Improving federal lobbying laws is the focus of a new report released by a task force of the American Bar Association’s Section on Administrative Law and Regulatory Practice. The Task Force on Federal Lobbying Laws, on which I served,* recommended [PDF] more comprehensive disclosure by lobbyists and those who support their efforts as well as strengthened enforcement of current law. To become ABA policy, the report must be reviewed by the ABA’s governing bodies.
Here are highlights from the report’s recommendations:
- End a major loophole as to who counts as a registered lobbyist. The law would be changed so that a person need only spend 12 hours/quarter to be required to register as a lobbyist; current law requires a person to spend 20% of their time engaging in lobbying activities before having to register. It would also simplify the monetary trigger that requires registration.
- Disclose more lobbying information. Lobbying firms and organizations would be required to disclose more information about their activities, including contacts with all congressional offices, committees, and federal agencies; provide a list of all bills and topics regarding which lobbying activity was conducted; and identify all persons who engaged in “lobbying activities” or “lobbying support.”

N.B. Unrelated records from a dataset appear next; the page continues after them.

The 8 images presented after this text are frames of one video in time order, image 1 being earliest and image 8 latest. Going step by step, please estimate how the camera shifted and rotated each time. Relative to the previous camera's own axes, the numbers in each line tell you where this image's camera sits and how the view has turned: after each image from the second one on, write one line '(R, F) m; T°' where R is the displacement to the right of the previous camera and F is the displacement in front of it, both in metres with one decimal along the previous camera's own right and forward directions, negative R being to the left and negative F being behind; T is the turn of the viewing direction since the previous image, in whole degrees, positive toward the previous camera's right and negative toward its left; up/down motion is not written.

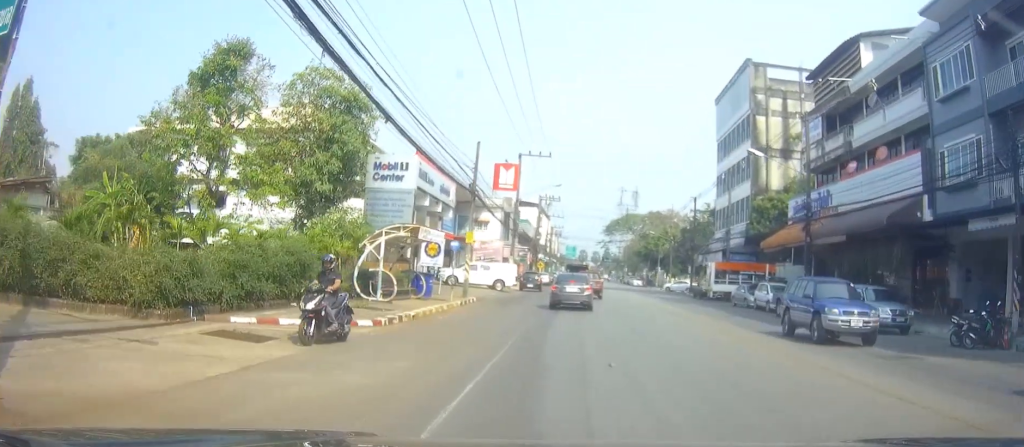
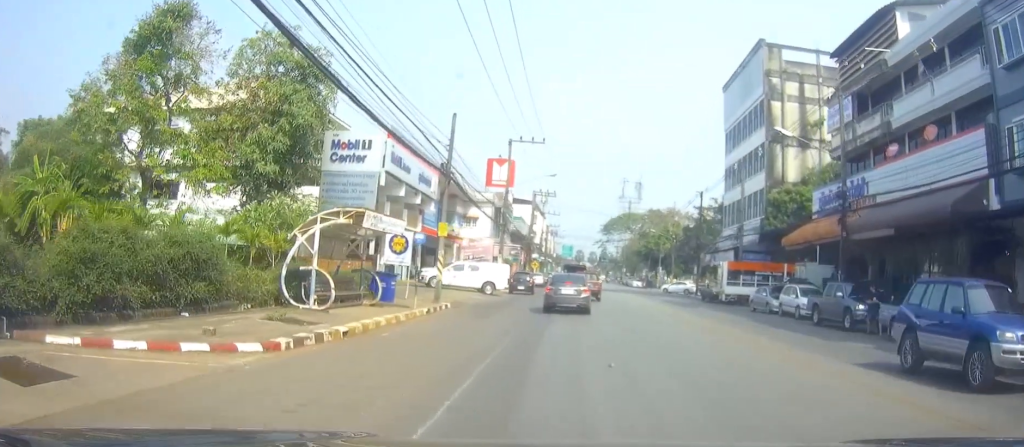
(+0.1, +5.8) m; 0°
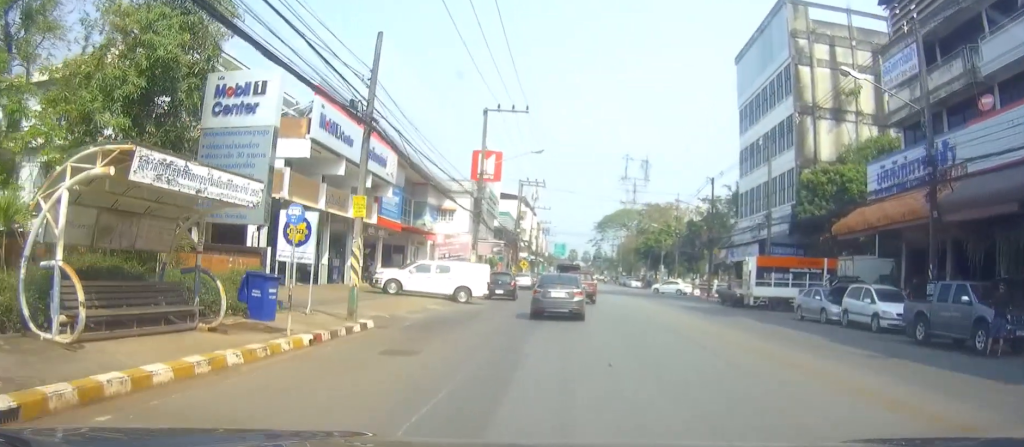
(0.0, +10.1) m; 0°
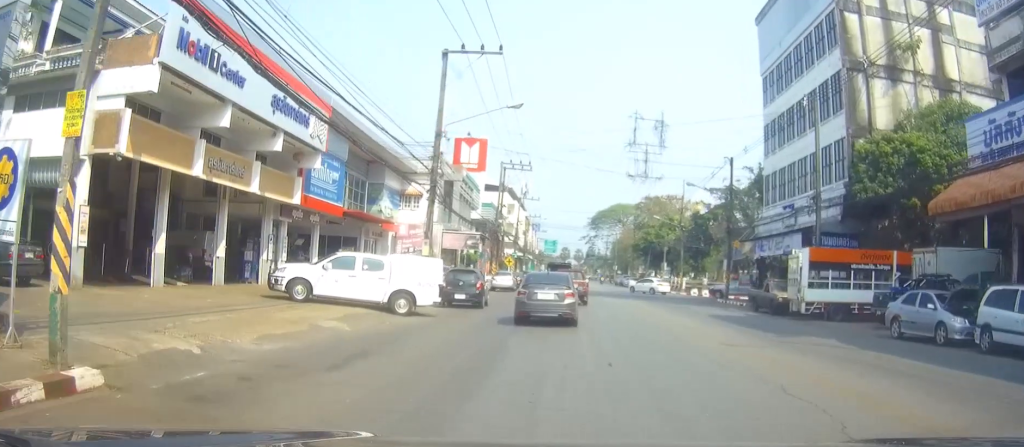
(0.0, +10.8) m; +1°
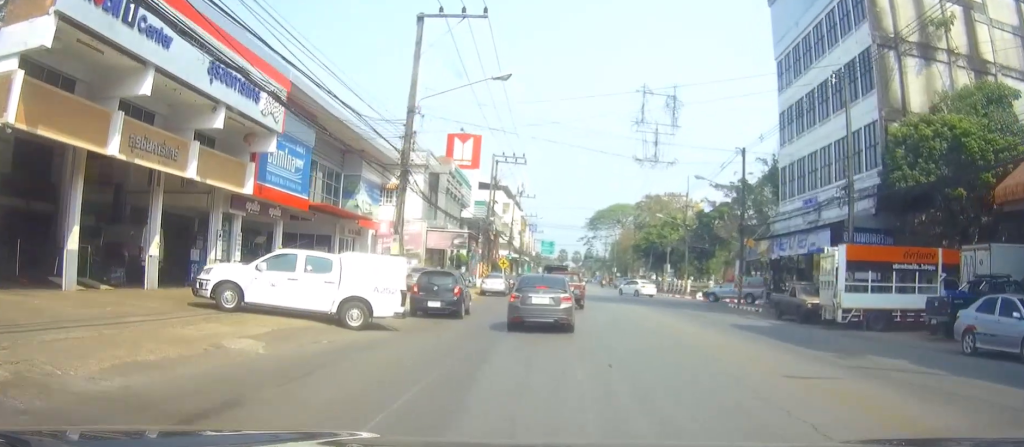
(+0.1, +4.8) m; -1°
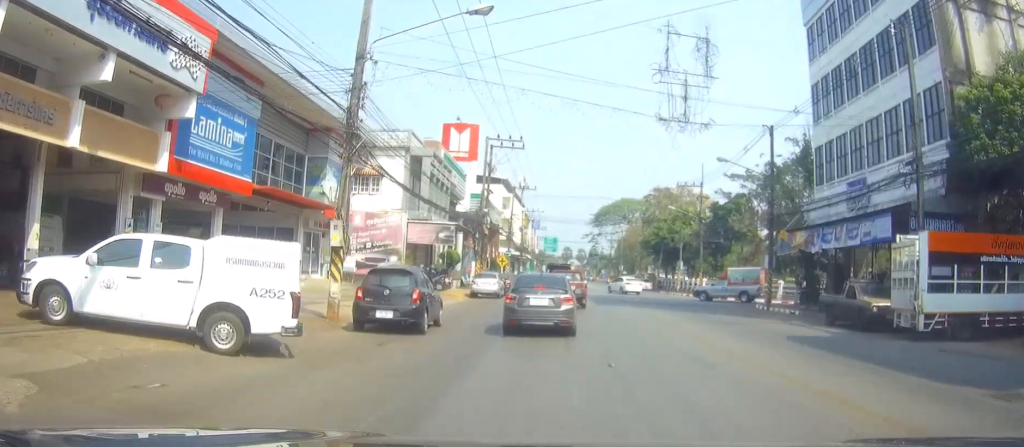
(-0.1, +6.4) m; -1°
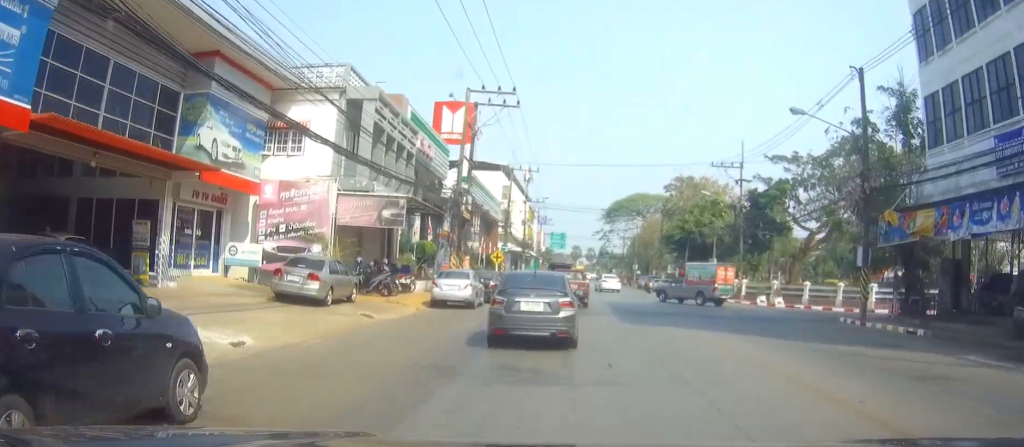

- Better track lobbyists and lobbying. The publicly-accessible lobbying disclosure database should be improved; lobbyists would now be able to be tracked individually through the use of unique identifiers; and a new form for lobbyists to deregister would be employed.
- Require reporting for those involved in professional lobbying campaigns. Clients would be required to disclose the lobbying and lobbying support activities of firms hired to assist in a lobbying campaigns — whether they are engaged in polling, public relations, coalition building, strategic planning, or providing assistance from high-profile public figures. All of these disclosures would be available online. Most people doing this work would be officially deemed “lobbying supporters.”
- Focus special attention on big money and big wigs. Anyone who is a “lobbying supporter” must file regularly if he or she has bundled money; given more than $10,000 in federal donations w/in a year of providing lobbying support; spent more than 10% of his/her time providing advice on lobbying strategy; or served as a Member of Congress, Senate-confirmed political appointee, or within the last 5 years as a Congressional staffer or within the Executive Office of the President.
- Separate lobbyists and fundraising. Individual lobbyists cannot engage in certain fundraising activities to support a campaign for a Member of Congress — or a candidate for Congress — with whom that lobbyist has had a “lobbying contact” within two years. Similarly, an individual lobbyist cannot make a “lobbying contact” if he or she has engaged in a covered fundraising activity within the past two years. (Note that candidates for Congress are not covered under current law.) Also, this prohibition on fundraising would be applied to other registered lobbyists at the same firm where a lobbyists has made a lobbying contact, and would require the firm as an entity to abstain from raising funds for that Member/candidate or directing money to that political figure.
- Clear up Earmarks. Although the report doesn’t take a specific position, it generally recommends that the House and Senate consider making earmark disclosure more timely and meaningful, perhaps in the ways described in the Earmark Transparency Act of 2010. Similarly, lobbyists who seek earmarks (and their employers) would be required to file a form stating they have neither contributed to nor sought individual or PAC contributions for the Members they lobbied for earmarks during the current session of congress. Also, lobbyists who are paid on a contingent fee basis would need to publicly file that contact if they lobby for earmarks, tax relief, or targeted loans, grants, contracts, or guarantees.
- Fix the Byrd Amendment. The Byrd Amendment, which (generally speaking) bans those who receive government contracts from using government money to hire lobbyists to lobby Congress or the executive branch, is badly worded and needs to be clarified. The report calls on OMB to issue final rules interpreting the statute.
- Improve enforcement. The Task Force noted the lackluster enforcement of the Lobbying Disclosure Act, and recommended that Civil Division of the Department of Justice may be a reasonable candidate to be assigned the duty of interpreting and enforcing compliance with the LDA.
* Note: I served on the Task Force as a liaison, which means that I participated in all the deliberations but did not vote on any issue.